Guerre à l’est de la RDC: la solution serait-elle économique ?

Dans la partie Est de la République démocratique du Congo, les cœurs ne sont pas à la fête en raison notamment des nombreux massacres commis dans cette région. 60 ans d’indépendance marquée par de nombreuses violences et atrocités pour les habitants de Rutshuru. Des exactions commises par les ADF (Allied Democratic Forces), et les groupes mai-mai. A la veille de la commémoration de la fête d’indépendance, des cas d’enlèvements étaient encore signalés. A Rutshuru, pas une journée ne passe sans que les médias locaux ne rapportent des nouvelles de personnes enlevées ou tuées par des groupes rebelles.  Dans son discours adressé à la population congolaise, à l’occasion de la commémoration des 60 ans d’indépendance, le président Felix Tshisekedi a déploré les exactions commises par les groupes rebelles et qui endeuillent les régions de l’Est du pays. Il en a profité pour lancer un appel à tous les groupes armés de déposer les armes. 

Triomphe Efoko: comment voulez-vous parler de guerre et vous demander si la solution serait économique ? La guerre, on répond par la guerre, le plus fort l’emporte. Dites-nous la vérité, nous n’avons pas une armée, car si on avait une armée, la guerre à l’Est serait finie. Lorsque je regarde la Russie avec sa force armée, ses voisins turque et ukrainien souffrent parce qu’ils sont faibles devant la Russie. Donc la guerre de l’Est est la conséquence d’une armée faible donc la solution économique ne pourra résoudre cela. Il faut une armée forte qui frappe sans pitié et tous nos voisins auteurs de cette guerre auront ainsi peur et la guerre prendra fin.

Jonathan Muayaya : je ne pense pas qu’elle soit économique mais elle est causée par ceux qui convoitent et veulent exploiter nos richesses minières, D’abord les congolais eux-mêmes. Puis nos voisins en l’occurrence le Rwanda, le Burundi et l’Ouganda puisqu’ils veulent s’enrichir. Ce sont surtout les acteurs politiques véreux et des hauts responsables de l’armée.

Hénoch Kaluka : si la solution sera économique donc il y a un problème des intérêts. Alfred Kipang : absolument, c’est trop vaste. Mais ce qui est à retenir, les minerais exploités en RDC nous aident à avoir les téléphones Android et Smartphones.

Wilfried Kambala : je ne crois pas. Tu penses que tous les moyens ne sont pas réunis pour éradiquer cette guerre ?

Célé Luabeya,  économique : Dans le vrai sens du mot non. Mais je pense qu’avec la création des emplois accompagnée d’une bonne rémunération, ça pourrait en quelque sorte réduire et démotiver la plupart de combattants. Mais la vengeance ou la quête du pouvoir peut être plus fort que l’argent. Si les groupes armés ont comme objectif renverser le régime actuel ou prendre le contrôle d’un territoire, rien ne pourra les arrêter sauf la mort. L’argent ne peut pas.

Davina Maluishi : je ne connais pas trop de la guerre à l’est mais je pense qu’il y a de grandes personnalités qui sont derrière cette guerre et elles en tirent des bénéfices.
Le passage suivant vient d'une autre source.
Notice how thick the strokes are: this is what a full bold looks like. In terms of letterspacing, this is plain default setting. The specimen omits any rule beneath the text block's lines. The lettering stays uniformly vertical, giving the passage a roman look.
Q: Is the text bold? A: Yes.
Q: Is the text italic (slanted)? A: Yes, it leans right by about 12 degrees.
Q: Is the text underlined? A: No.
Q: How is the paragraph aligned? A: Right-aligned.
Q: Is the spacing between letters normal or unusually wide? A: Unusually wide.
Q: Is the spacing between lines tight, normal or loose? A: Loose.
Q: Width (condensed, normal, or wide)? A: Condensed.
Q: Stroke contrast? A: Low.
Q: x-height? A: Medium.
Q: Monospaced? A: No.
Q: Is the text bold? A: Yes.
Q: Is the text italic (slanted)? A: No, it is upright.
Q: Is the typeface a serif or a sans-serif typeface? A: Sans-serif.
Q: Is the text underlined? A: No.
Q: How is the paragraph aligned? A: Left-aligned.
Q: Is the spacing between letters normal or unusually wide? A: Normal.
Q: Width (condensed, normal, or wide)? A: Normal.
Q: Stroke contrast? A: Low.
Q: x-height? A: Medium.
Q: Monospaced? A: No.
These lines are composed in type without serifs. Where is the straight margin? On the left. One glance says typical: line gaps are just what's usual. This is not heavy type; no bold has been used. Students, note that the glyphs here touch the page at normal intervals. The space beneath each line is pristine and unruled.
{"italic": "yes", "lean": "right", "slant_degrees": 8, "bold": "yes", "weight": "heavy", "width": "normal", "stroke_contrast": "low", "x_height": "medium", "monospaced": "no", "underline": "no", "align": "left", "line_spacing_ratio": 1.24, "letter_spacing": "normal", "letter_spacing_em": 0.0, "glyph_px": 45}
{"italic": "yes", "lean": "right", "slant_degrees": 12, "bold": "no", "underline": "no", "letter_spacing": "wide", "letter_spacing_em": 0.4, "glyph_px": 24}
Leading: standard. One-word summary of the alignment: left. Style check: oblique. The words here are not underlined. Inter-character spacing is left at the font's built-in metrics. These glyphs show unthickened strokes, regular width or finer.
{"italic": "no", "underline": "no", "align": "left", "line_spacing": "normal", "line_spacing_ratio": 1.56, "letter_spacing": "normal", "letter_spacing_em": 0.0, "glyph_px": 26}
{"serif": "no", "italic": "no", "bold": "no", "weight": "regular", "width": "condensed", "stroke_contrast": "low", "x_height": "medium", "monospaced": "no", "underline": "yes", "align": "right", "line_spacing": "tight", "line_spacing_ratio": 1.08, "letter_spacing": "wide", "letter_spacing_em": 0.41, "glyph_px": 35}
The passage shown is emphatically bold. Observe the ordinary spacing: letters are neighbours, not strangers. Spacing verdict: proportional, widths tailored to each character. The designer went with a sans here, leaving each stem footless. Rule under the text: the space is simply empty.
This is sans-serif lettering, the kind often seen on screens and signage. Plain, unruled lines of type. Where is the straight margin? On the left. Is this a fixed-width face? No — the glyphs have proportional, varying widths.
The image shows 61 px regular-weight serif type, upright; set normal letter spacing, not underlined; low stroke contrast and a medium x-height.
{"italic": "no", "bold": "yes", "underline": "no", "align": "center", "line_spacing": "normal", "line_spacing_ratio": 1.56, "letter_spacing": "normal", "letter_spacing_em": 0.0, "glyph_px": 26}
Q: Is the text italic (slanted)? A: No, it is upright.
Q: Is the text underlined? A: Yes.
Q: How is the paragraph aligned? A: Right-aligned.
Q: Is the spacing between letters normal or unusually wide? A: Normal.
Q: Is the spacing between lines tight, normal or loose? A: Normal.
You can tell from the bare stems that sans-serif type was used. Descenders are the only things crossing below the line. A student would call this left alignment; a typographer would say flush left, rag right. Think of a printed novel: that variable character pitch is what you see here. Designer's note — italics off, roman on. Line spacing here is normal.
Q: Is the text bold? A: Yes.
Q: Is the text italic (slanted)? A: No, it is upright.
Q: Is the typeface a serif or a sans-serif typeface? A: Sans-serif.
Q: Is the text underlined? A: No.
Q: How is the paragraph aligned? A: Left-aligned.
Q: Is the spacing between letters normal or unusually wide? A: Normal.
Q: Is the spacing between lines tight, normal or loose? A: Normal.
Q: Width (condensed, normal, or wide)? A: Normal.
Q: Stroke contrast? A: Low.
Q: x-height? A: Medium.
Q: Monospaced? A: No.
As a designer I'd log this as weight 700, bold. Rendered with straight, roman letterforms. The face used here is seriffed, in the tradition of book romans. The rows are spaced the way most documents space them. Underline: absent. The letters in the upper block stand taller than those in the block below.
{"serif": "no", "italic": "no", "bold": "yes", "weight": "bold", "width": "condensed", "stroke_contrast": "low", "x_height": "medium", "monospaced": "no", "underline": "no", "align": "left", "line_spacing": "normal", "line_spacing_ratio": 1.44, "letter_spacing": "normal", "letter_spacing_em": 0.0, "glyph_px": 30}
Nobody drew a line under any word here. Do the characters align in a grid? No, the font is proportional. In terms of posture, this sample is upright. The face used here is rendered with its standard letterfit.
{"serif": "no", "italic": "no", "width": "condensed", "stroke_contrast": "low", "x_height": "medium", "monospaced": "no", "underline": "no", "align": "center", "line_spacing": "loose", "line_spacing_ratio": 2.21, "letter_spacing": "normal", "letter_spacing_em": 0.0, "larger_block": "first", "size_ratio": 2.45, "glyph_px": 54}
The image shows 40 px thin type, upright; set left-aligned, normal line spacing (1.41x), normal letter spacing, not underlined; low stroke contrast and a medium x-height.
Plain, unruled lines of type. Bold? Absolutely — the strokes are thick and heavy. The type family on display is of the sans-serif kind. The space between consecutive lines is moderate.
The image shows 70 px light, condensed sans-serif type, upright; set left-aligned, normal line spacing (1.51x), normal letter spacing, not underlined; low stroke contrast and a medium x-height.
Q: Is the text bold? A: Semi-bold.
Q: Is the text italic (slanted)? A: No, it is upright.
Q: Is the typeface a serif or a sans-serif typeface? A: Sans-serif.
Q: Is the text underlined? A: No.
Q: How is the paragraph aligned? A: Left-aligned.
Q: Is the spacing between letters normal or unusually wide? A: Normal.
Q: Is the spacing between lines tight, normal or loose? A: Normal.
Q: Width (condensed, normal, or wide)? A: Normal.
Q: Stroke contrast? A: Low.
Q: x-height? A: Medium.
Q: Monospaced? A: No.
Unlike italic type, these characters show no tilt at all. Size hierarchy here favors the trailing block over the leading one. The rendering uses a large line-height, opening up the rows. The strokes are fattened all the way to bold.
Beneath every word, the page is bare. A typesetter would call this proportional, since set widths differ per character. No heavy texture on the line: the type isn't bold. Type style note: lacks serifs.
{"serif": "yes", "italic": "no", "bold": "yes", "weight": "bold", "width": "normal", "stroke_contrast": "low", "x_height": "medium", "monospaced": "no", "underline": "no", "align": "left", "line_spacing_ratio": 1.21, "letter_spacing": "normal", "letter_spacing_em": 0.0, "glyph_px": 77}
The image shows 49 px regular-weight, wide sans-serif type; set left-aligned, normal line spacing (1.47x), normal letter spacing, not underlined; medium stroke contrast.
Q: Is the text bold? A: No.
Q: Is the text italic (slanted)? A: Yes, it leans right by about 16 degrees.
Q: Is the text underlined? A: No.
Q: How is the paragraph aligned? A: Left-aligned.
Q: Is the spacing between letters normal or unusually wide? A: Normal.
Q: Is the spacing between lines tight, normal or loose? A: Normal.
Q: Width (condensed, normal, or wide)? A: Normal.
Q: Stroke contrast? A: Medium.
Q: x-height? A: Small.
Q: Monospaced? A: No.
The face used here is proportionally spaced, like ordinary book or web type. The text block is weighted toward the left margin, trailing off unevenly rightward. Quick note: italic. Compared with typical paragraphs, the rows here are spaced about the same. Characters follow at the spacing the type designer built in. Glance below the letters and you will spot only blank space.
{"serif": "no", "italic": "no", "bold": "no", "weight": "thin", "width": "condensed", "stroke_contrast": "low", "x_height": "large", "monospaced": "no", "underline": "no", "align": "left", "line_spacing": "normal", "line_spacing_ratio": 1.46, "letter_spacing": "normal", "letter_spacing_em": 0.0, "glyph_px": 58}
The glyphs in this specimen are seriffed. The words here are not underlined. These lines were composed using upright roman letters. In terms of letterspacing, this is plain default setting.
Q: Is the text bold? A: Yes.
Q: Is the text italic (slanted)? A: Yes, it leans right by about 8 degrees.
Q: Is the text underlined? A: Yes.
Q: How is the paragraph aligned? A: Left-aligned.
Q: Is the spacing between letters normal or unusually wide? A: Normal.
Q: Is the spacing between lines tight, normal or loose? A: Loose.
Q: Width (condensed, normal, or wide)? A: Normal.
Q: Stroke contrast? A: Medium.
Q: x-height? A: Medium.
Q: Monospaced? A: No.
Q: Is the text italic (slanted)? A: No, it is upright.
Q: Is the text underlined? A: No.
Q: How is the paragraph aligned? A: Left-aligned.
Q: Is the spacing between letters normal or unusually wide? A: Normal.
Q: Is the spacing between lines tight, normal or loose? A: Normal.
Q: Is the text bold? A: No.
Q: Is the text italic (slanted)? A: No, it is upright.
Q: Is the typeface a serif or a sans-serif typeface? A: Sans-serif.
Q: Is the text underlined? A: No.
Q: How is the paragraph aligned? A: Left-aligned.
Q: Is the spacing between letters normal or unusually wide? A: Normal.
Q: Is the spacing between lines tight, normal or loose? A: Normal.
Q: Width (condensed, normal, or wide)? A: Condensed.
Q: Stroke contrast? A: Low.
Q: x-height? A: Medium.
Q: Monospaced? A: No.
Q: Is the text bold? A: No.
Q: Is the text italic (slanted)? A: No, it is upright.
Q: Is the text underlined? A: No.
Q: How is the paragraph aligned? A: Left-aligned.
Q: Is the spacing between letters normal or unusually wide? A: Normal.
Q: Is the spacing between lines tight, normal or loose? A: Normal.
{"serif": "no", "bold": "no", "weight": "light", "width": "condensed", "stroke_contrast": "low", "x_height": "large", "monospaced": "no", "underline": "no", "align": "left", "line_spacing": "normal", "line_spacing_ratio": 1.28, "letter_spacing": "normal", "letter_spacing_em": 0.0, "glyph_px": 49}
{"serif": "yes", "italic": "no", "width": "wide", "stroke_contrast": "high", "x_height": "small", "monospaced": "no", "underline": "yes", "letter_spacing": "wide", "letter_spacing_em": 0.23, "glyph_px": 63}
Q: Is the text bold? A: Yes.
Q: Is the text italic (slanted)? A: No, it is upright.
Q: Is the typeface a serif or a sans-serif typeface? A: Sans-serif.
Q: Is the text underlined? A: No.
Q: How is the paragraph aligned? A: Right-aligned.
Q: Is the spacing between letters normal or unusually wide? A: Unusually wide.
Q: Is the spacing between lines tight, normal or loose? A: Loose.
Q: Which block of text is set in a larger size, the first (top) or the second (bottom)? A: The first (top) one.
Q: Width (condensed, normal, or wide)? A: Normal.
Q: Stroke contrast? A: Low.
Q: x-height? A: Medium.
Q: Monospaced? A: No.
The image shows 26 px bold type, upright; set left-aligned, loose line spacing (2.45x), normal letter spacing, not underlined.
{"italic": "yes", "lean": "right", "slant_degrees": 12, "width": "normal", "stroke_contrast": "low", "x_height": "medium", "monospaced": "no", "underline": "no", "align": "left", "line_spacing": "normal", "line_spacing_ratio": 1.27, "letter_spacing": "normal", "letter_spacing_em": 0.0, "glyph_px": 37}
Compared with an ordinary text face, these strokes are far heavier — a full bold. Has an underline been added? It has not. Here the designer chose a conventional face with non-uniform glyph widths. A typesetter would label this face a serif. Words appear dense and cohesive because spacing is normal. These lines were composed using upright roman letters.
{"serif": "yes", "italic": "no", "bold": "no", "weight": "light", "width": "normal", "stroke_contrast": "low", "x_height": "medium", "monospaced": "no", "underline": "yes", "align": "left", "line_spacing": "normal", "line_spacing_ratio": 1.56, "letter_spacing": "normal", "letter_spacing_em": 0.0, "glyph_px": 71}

Justin Mukaya : à cette question, je dirai non. La solution n’est pas économique car cette guerre est avant tout politique. Dès le début, elle est venue par le souhait des rwandais d’enlever Mobutu (leur grand ménage car ayant accepté d’héberger les Hutus rwandais qui ont fui leur pays) au pouvoir. Mais aussi, par le souhait des grandes puissances de voler les minerais qui sont à l’est. Il s’avère aujourd’hui que certaines guerres aujourd’hui à l’est du pays sont orchestrées par les grands hommes politiques congolais dans le but de tourner l’opinion favorablement vers eux mais aussi, avec un but économique. À ce propos, je pense que pour que la dite guerre prenne fin, il faut d’abord, l’implication de tous les hommes politiques congolais mais aussi, il faut que notre armée soit suffisamment préparée…je répète, ce n’est pas une guerre créée par la faim ou le manque d’emplois mais c’est une guerre avant tout politique. Donc, c’est la politique et seule la politique qui peut la résoudre et cela, en passant par la méthode contraire de ce qui l’avait créé.